Depuis les années 80, l’OCDE rassemble des données chiffrées sur la richesse des différents pays. Le constat est terrible puisque les inégalités ne cessent de croître entre les riches et les pauvres. Ces inégalités se retrouvent à tous les niveaux : entre continents, entre pays mais aussi au sein d’un même pays. L’écart ne cesse de se creuser entre les pauvres et les riches d’une même nation. Nos sociétés modernes capitalistes sont donc de plus en plus inégalitaires. La raison principale, selon l’OCDE toujours, se caractérise par les politiques budgétaires. Les impôts ont augmenté et les aides sociales se sont réduites pour diminuer les dépenses publiques. L’effet de nivellement des politiques de redistribution des richesses s’est amenuisé, accentuant l’écart riches-pauvres.

D’ailleurs, la France est l'un des pays développés où les inégalités se sont le plus creusées avec la crise.  La montée des emplois précaires, qui a fait pression sur les salaires, a aggravé les écarts entre les ménages les plus aisés et les plus pauvres depuis 2007. Les femmes sont particulièrement vulnérables. Non seulement leur salaire est inférieur à celui des hommes de 25 %, mais en plus elles représentent une grande partie des contrats précaires ou à temps partiel.

La crise a fait basculer 440.000 enfants dans la pauvreté en France ces dernières années. Notre pays compte désormais 9 millions de pauvres, 14 % de la population française. Voici des données dont nous n’avons pas à être fiers.

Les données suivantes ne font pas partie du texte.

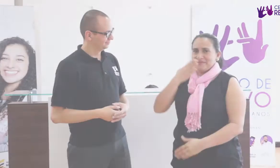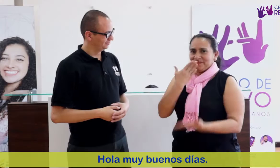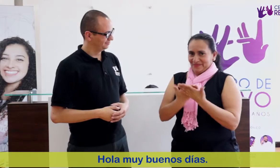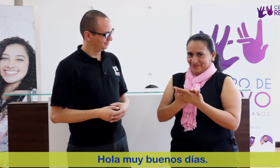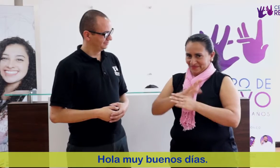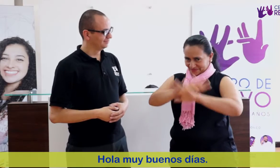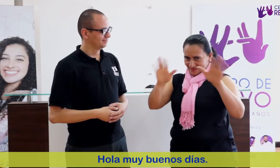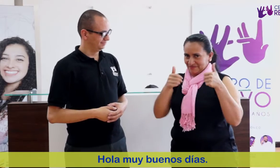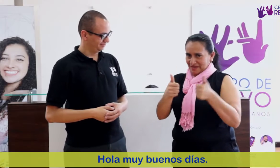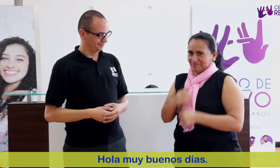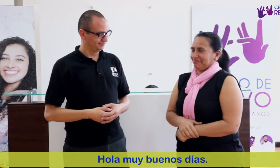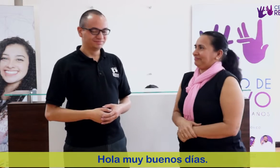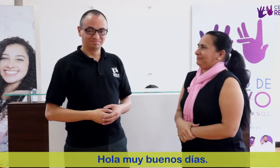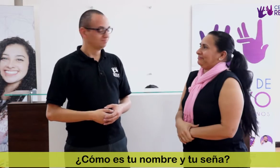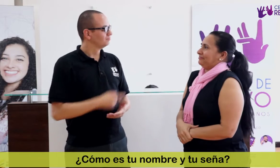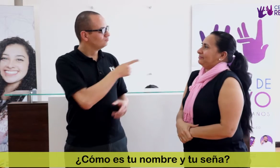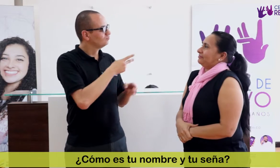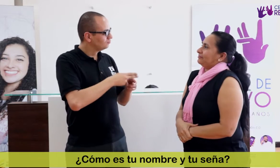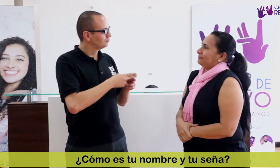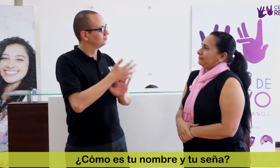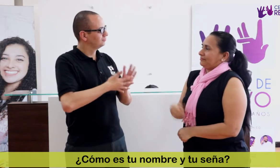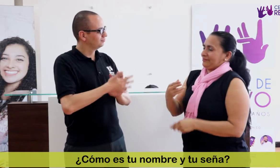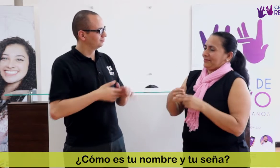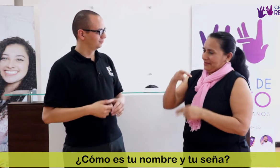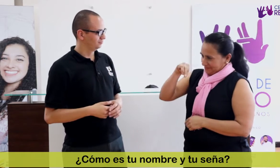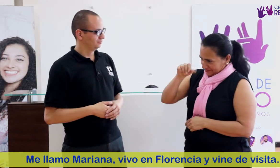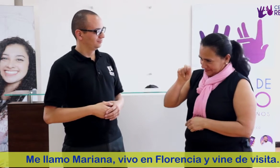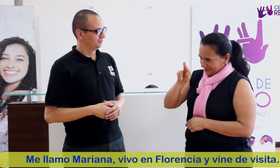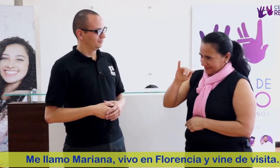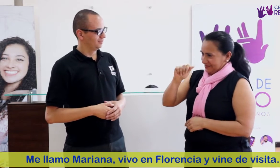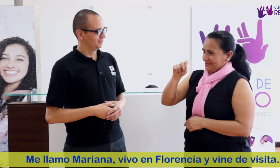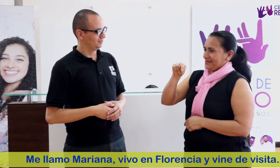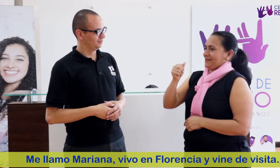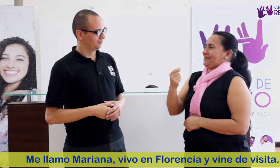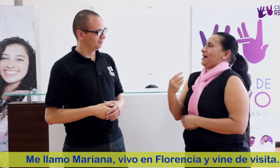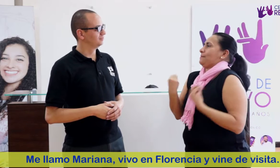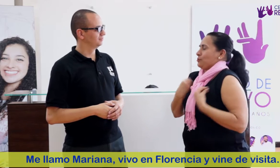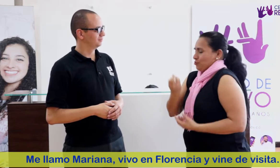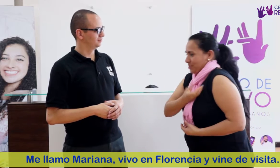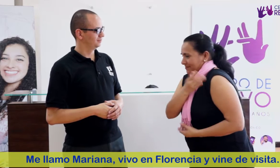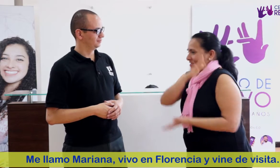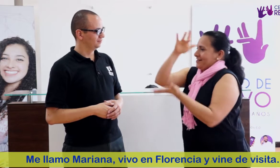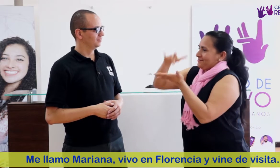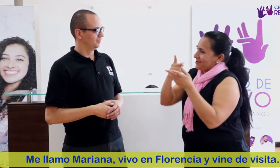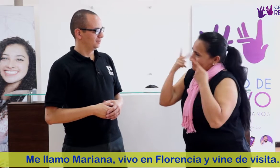Hola, muy buenos días ¿Cómo es tu nombre y tu seña? Me llamo Mariana, vivo en Florencia y vine de visita

Pendant ce temps, et sans que cela semble gêner les principaux intéressés, les rémunérations des patrons du CAC 40 ont bondi de 10% en 2014 et continuent de flamber comme le montre la rémunération de Carlos Ghosn (patron de Renault Nissan) dernièrement. Sa rémunération de 7 millions d’euros au titre de l’année 2016 représente 580 000 euros par mois, c’est-à-dire plus de 400 fois le SMIC brut !

L'ensemble des rémunérations attribuées au principal dirigeant exécutif dans les sociétés du CAC 40 a atteint une moyenne de 4,2 millions par dirigeant. Comparée à l’année 2014, la hausse est de 11,4%.

Du nouveau dans la continuité

Dans l’espoir que les problèmes trouvent des solutions, nous avons élu un nouveau Président. Cette élection s’est soldée par un constat alarmant. 20 % d’abstentions, 20 % d’Insoumis, 22 % de Frontistes et les votes blancs et nuls portent le total à 65% de mécontents qui ont tourné le dos à la politique pratiquée depuis 30 ans. L’explosion du Parti Socialiste et la déliquescence du parti Les Républicains ne fait que prouver et accentuer ce malaise. Les politiques libérales menées par ces partis sont responsables de la paupérisation d’une partie de la population au profit d’une petite classe riche ou très riche.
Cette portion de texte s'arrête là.